We all love the game of football (soccer in US) and we all see how FIFA ruin the game. They are reluctant to use video technology and other rules (like allowing teams to make challenges on referee&#x27;s decision) to help referees in their decisions and make a fair game. The goal line technology is using in this WC, but there are more things we can do to help in decisions like offside, red card, penalty. Football is the game of 22 players on the field, and the referees are there to make it fair, not to make wrong decisions that change the whole game. Referees are humans and they make mistakes, but we have technology to fix their mistakes and probably save their life. There were cases where referees received death thread. And of course with all the corruption that we&#x27;ve heard about ...
We sure can make it better. And on the financial side, if we could form another football federation it would be a real business with a huge market. The revenue of this on-going 2014 Worldcup is 4B.
======
rgovind
In principle, yes. In practice its tough. You can look for parallels in what
happened with Cricket in India, where it is huge.

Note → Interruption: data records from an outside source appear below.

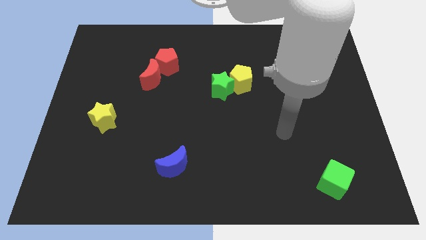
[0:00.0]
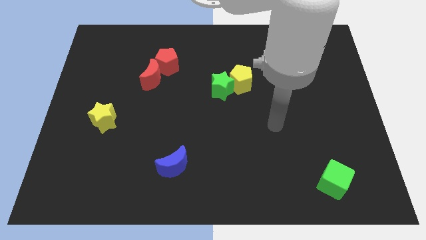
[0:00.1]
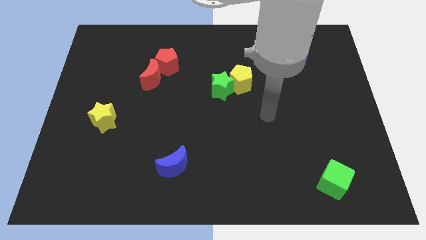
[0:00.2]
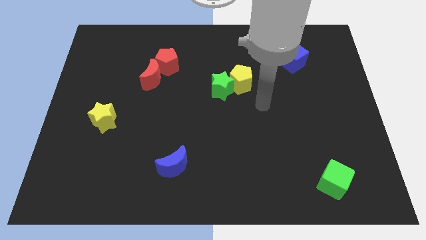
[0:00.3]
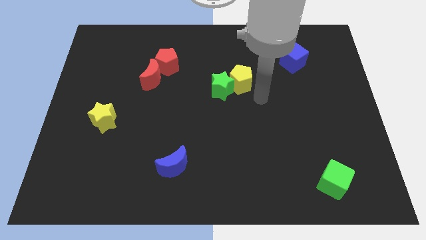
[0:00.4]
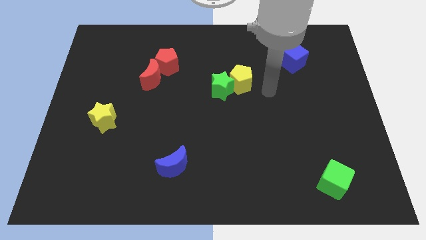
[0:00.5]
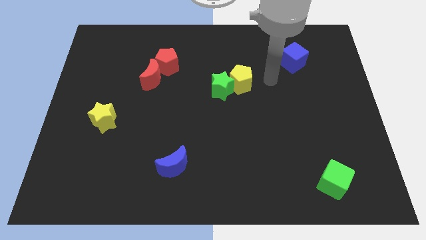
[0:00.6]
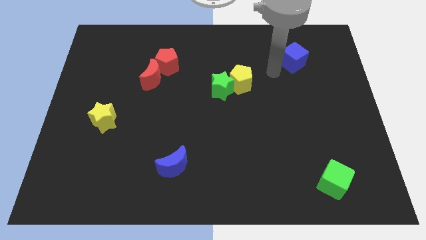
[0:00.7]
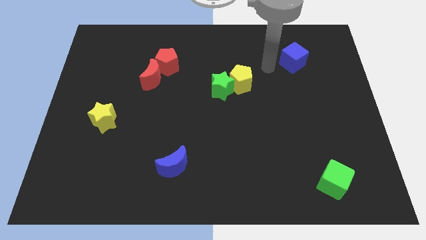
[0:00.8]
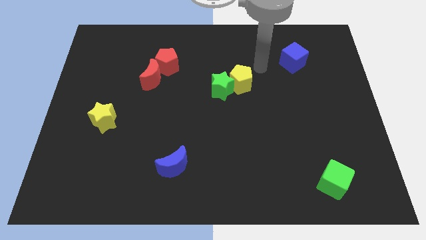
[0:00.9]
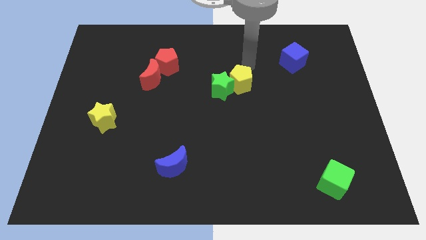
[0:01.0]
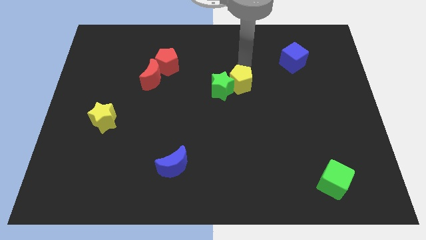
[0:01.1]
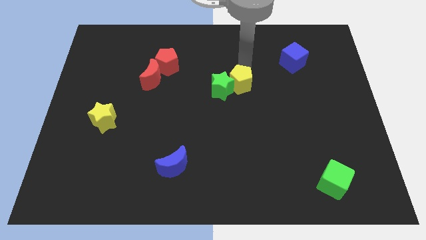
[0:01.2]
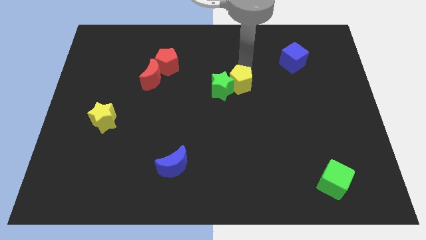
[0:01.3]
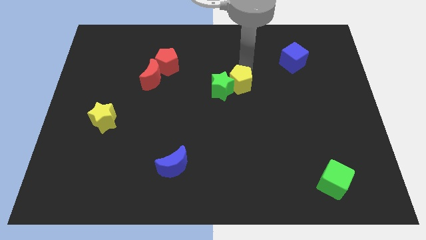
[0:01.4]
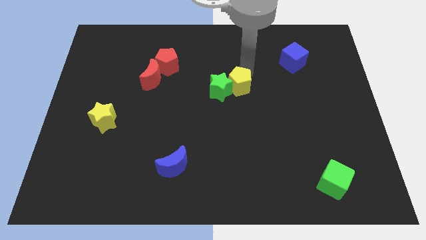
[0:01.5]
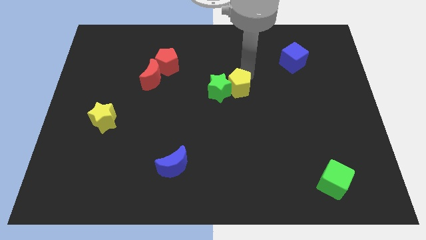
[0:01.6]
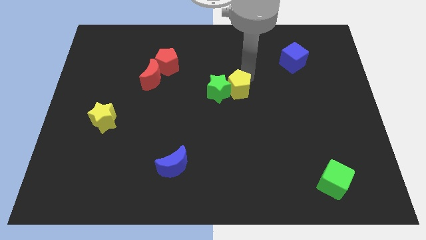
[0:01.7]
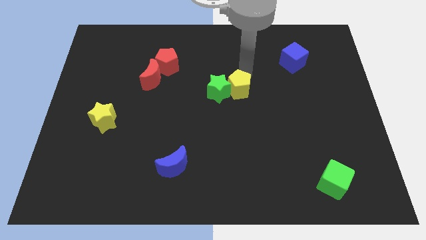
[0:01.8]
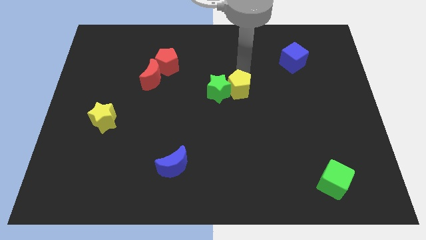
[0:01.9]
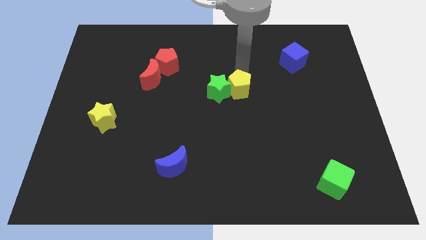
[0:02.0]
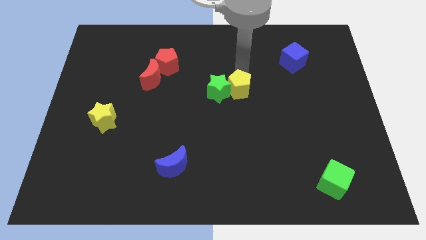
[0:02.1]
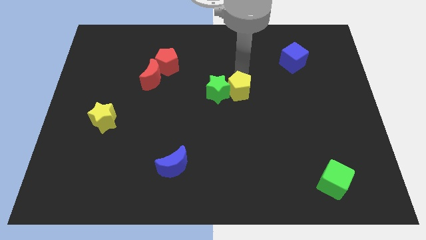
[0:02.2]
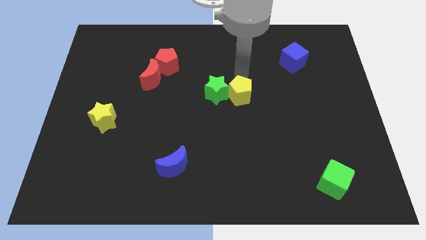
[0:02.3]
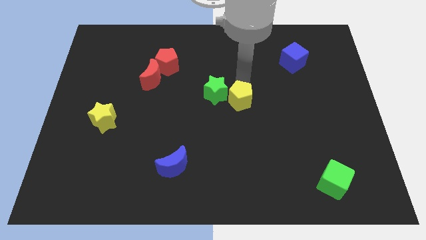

A media mogul named Subhash chandra came up with the idea of "India Cricket
League" (similar to English Premier league in English soccer. Lots of young
cricketers signed up. When the Indian cricket association realised the money
potential of this new tournament, they made declared that no one who
participated in ICL would be allowed to participate in Indian national team,
owned by India's cricket association. And since its the dream of every Indian
boy to be part of national team (big bucks and media exposure), almost all
players quit ICL...and teh league was effectively dead.

Moral of the story...How will you get players to play in your league?

------
anigbrowl
Sure...if you have a lot of money and patience. As you point out, the current
world cup is generating ~$4 billion in revenue...which means FIFA has a lot of
bargaining power because it is already sitting on a lot of money.